About this task: Beneath this task are records; tally the lines in them that contain "input" and report only the number.
======== Given data
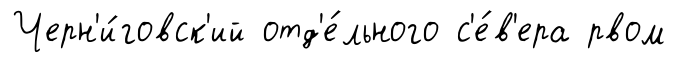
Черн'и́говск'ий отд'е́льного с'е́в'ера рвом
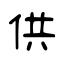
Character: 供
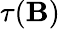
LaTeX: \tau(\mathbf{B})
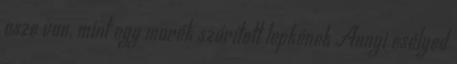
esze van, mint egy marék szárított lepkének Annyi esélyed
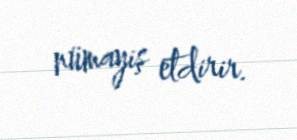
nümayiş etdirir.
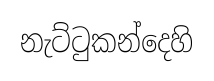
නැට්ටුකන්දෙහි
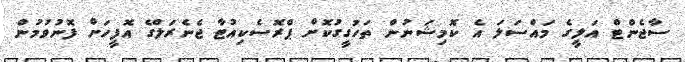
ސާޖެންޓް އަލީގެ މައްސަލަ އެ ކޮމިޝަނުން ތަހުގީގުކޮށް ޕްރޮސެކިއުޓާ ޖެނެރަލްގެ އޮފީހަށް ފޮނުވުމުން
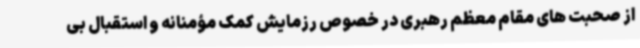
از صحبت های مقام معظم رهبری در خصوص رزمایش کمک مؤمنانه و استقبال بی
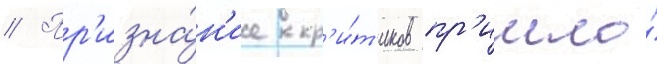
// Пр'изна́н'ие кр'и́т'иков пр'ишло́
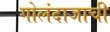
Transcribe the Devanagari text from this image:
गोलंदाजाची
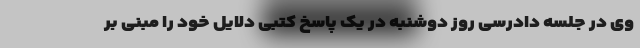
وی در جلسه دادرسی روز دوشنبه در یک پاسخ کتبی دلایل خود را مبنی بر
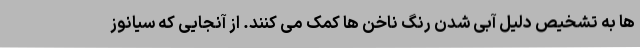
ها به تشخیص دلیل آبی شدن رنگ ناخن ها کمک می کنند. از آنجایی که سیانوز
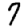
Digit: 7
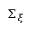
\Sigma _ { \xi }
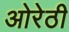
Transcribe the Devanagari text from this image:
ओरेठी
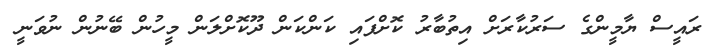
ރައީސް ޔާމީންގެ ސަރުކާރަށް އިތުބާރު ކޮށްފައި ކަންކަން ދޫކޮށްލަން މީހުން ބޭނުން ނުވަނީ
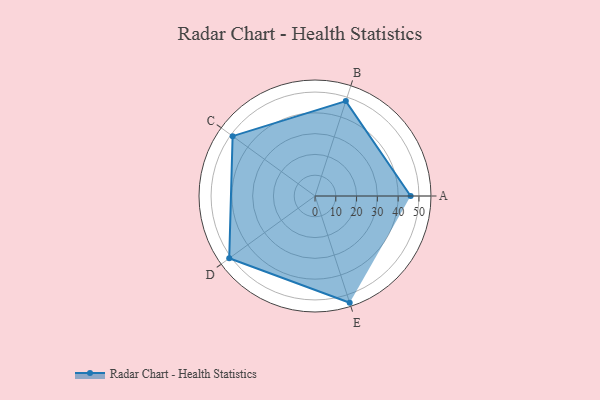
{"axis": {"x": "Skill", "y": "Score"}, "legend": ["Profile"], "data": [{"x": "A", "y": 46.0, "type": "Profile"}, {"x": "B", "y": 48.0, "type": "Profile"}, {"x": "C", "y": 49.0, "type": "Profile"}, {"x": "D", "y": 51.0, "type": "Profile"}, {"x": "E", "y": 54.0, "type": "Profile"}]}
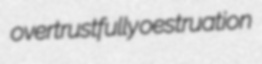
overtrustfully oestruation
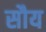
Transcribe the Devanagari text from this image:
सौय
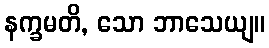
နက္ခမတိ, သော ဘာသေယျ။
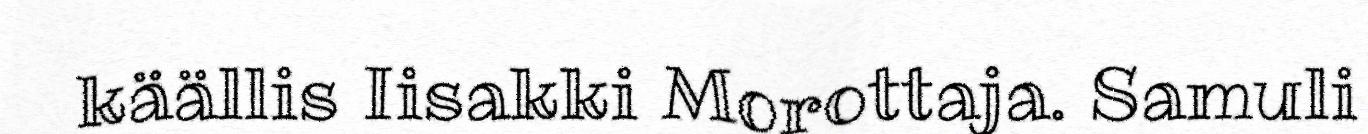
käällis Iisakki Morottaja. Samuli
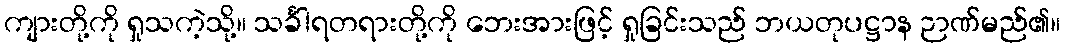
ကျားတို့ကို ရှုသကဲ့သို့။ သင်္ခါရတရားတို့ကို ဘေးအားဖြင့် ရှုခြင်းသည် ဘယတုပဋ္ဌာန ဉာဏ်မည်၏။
================
======== Given data
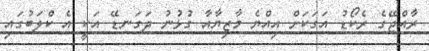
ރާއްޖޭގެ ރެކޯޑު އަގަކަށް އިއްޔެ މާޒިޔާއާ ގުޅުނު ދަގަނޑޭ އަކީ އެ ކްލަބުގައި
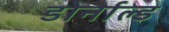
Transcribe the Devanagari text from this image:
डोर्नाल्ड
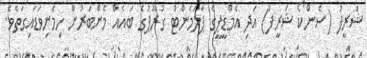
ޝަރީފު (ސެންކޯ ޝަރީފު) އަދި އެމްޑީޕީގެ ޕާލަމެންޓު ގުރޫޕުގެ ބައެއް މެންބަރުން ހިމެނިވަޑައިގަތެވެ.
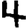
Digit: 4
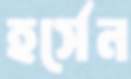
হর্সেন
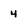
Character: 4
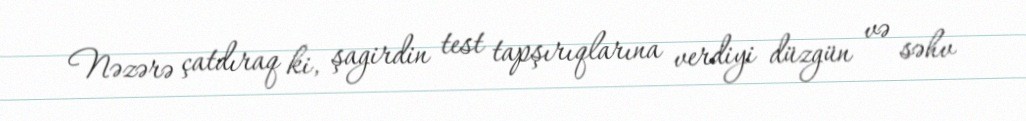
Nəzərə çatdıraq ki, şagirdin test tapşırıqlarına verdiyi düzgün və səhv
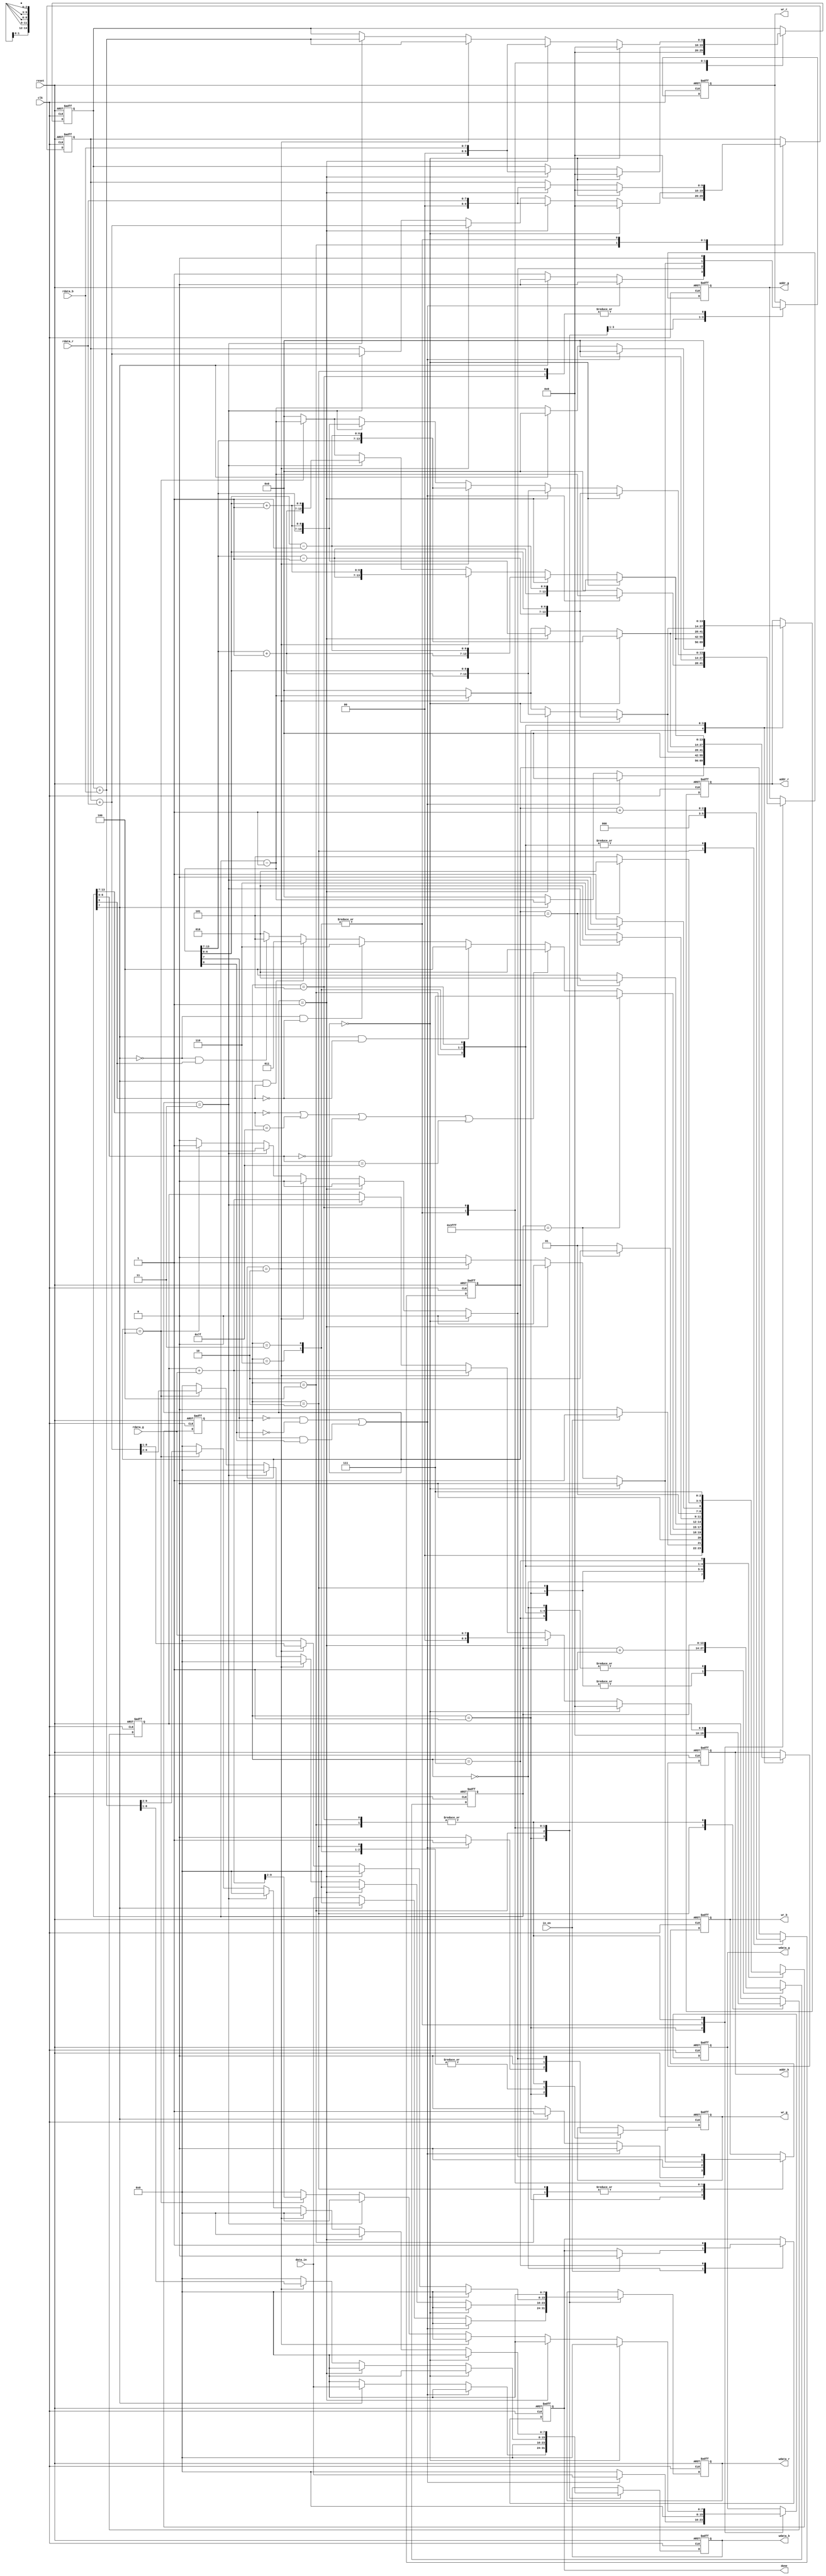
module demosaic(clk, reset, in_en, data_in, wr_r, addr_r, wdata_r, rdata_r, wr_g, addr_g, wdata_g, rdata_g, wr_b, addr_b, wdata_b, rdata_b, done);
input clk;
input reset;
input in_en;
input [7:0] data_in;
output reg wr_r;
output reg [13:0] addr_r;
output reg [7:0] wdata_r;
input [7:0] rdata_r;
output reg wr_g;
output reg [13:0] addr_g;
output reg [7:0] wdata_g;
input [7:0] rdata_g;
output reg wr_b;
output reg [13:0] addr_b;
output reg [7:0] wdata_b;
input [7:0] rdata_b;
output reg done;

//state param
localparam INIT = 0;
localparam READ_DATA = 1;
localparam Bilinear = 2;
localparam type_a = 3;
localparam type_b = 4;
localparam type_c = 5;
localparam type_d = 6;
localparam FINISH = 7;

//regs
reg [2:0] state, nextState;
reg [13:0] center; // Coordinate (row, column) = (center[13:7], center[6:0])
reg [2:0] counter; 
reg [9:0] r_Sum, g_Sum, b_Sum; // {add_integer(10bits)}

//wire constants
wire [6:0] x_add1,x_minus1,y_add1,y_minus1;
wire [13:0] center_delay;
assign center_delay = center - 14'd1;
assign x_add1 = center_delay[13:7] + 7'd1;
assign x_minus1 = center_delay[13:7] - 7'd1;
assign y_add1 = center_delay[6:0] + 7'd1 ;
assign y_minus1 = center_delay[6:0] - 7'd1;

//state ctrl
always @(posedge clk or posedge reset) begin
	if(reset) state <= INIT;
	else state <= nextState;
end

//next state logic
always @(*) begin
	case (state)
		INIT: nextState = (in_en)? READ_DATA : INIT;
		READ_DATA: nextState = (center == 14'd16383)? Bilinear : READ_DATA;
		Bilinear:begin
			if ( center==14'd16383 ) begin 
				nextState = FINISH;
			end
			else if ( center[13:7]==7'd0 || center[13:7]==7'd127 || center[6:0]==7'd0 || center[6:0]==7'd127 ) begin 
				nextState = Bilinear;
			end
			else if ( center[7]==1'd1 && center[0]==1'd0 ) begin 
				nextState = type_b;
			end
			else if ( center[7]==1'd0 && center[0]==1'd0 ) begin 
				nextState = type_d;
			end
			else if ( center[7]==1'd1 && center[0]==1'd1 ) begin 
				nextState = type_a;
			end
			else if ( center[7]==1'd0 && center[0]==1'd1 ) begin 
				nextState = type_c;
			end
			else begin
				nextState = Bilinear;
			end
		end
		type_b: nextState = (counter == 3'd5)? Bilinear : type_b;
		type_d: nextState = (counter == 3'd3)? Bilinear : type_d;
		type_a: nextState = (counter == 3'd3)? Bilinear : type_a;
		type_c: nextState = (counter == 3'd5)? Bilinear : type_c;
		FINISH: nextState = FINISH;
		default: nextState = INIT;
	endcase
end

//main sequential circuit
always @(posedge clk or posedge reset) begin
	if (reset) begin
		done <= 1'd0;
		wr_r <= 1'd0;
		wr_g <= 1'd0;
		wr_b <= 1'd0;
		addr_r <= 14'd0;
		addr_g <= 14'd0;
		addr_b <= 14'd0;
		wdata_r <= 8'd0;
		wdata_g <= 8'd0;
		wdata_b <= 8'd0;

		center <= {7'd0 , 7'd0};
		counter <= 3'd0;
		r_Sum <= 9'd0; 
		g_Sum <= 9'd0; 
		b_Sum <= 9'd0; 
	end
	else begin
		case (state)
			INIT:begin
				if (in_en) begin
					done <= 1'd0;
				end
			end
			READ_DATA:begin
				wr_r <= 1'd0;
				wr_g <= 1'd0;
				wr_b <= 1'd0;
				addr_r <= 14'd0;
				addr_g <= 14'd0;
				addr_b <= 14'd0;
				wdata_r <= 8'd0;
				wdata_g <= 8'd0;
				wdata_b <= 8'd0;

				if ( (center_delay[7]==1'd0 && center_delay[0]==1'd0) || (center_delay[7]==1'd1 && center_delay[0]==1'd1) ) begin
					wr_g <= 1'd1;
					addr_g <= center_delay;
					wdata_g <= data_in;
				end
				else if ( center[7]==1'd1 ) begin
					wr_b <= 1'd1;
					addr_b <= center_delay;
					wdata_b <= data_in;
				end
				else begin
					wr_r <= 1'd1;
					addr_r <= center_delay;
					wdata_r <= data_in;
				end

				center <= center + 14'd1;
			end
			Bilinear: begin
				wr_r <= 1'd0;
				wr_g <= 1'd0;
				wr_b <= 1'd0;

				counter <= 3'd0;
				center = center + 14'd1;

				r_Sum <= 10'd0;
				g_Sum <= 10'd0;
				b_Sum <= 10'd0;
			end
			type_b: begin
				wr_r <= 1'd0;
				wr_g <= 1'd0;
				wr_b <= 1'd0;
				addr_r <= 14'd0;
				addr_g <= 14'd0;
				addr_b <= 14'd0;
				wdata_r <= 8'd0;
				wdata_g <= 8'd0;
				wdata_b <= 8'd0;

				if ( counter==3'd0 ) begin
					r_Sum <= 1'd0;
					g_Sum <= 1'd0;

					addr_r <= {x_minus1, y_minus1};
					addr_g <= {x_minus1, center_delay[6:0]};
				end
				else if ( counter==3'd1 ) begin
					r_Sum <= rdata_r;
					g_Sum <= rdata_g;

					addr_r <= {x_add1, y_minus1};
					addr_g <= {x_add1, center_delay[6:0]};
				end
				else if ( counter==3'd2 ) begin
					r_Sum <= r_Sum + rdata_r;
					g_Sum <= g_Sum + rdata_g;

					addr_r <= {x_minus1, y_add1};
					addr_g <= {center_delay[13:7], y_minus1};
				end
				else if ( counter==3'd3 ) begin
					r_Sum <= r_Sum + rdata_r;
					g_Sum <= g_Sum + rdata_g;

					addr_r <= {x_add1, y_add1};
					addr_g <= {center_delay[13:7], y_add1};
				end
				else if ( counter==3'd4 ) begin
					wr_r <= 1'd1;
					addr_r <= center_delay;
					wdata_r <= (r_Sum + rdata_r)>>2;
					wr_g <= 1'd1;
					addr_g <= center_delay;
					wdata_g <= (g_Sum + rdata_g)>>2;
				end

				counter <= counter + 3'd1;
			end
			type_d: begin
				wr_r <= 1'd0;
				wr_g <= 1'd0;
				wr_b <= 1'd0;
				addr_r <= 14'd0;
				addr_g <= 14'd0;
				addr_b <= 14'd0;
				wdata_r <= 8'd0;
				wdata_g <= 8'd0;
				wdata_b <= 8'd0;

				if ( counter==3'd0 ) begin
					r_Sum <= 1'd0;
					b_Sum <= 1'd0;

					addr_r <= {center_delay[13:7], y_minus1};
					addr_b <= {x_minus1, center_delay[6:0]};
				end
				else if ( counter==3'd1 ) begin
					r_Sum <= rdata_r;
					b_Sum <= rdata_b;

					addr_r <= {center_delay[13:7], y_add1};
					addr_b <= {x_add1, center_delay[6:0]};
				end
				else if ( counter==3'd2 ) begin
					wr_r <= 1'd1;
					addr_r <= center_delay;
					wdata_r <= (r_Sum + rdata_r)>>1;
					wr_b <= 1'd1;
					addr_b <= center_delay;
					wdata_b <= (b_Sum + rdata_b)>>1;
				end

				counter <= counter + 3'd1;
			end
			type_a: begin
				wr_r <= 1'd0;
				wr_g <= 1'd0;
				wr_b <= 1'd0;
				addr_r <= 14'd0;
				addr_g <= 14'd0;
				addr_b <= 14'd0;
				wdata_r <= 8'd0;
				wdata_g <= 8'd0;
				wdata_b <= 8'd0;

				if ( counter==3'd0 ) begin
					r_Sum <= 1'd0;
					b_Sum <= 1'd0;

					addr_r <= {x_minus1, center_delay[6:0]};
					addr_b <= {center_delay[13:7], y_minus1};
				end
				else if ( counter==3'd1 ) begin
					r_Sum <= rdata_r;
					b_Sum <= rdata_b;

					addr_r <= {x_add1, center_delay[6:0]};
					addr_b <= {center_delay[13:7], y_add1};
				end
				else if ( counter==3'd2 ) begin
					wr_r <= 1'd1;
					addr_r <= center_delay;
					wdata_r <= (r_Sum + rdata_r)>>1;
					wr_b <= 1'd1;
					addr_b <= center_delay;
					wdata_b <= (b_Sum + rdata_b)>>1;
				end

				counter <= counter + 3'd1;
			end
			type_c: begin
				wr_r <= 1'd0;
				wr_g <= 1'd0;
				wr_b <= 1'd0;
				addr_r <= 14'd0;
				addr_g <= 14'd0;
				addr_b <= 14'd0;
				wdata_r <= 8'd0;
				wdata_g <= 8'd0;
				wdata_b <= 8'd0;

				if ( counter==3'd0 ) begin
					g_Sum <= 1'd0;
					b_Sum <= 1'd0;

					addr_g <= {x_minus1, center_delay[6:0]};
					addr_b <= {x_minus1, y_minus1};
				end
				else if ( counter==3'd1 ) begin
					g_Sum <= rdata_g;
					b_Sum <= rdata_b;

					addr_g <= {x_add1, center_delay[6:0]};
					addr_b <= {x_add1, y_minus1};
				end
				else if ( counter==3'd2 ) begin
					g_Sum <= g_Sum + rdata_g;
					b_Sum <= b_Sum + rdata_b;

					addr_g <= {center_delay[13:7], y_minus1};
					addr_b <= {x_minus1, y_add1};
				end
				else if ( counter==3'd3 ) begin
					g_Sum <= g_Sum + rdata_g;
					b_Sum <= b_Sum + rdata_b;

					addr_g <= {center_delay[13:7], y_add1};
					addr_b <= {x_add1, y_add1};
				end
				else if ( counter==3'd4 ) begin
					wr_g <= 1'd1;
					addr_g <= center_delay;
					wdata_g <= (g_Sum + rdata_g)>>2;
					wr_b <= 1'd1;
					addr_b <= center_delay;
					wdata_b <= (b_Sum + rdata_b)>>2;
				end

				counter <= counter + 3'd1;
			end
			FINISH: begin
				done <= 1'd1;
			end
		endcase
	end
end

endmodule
================
Worked solution: 7